For the past couple years, researchers in a San Francisco-based AI Lab operated by Autodesk, maker of AutoCAD and other 3D design software, have been teaching a robot to play with toys.
Teaching might not be the right word. More accurately, the researchers have equipped their robot, which they've dubbed Brickbot, with the tools to teach itself how to assemble Lego blocks using the same learning techniques as a child.
It sounds straightforward, but the task of enabling a robot to learn like a human -- even a pint-sized one -- is immense.
"It's a complex challenge," an Autodesk spokesperson told me. "The project ... relies on sensor data and machine learning to enable a robot to infer what's going on in its environment, then adapt on the fly to accomplish an assigned task."
Robots are well-suited to following strict protocols, but that limits their usefulness. Currently, programming robots on an industrial line is very labor-intensive. A new generation of collaborative robots has made the task easier for many light industrial applications, but working with robots on a line is still the domain of specialists.

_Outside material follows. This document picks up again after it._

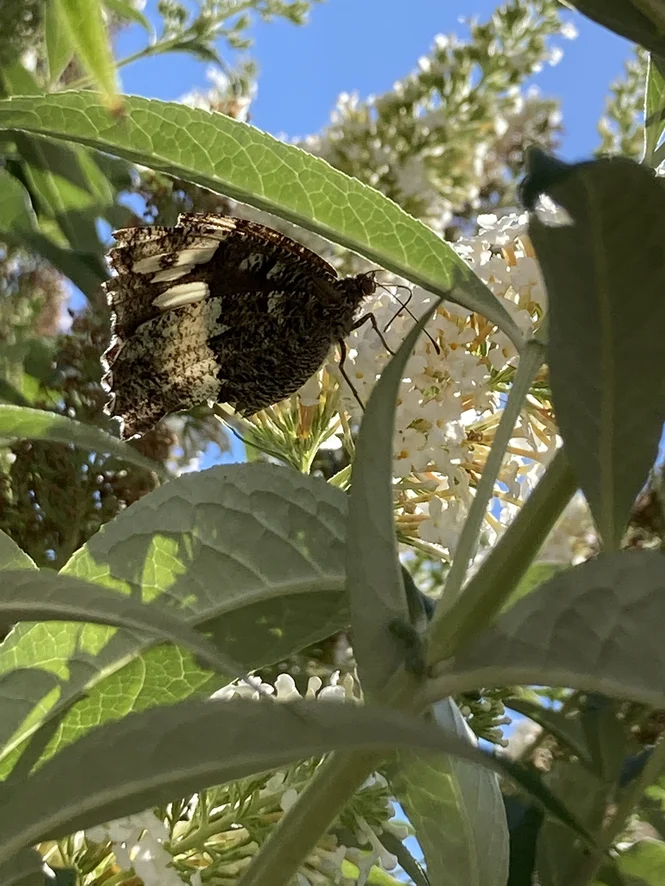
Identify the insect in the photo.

Equipping robots to learn on their own could unlock new levels of productivity while aiding the spread of automation by lowering the cost of entry.
Of course, any project like this also raises all kinds of questions about how far machine learning for robotic applications will progress before we humans start to get a little uncomfortable.

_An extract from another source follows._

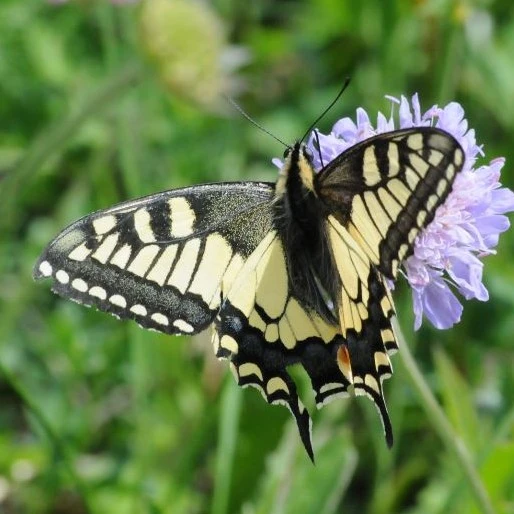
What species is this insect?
Papilio machaon

The project began with two industrial robotic arms, to which the researchers added cameras and sensors of various types.
Neural networks, which are computer systems loosely modeled on the human brain, enabled the robots to intelligently process and form productive response behaviors from its environment when assigned a task.
"By starting with plastic bricks, we've been able to keep the project manageable while still having the freedom to experiment from the design stage all the way to a finished product," said Yotto Koga, a software architect with a PhD in robotics. "Now we're close to taking the next step. We're planning to work closely with a manufacturing customer and a construction customer to see how the Brickbot technology can be applied in the real world."
It's that step into the real world that will test how well the team did at creating a robotic system that can learn to perform productively. Could such a system take over assembling components on an electronics line after a day of self-guided trial and error, for instance?
The adaptability and situational awareness required in such a scenario is far greater than anything Brickbot has come against so far. But the day is fast approaching when a robot will be able to teach itself to do complex tasks faster and with less error than if a human had programmed it.
Which means robot programmer may be another job that's on the chopping block in the dawning age of automation.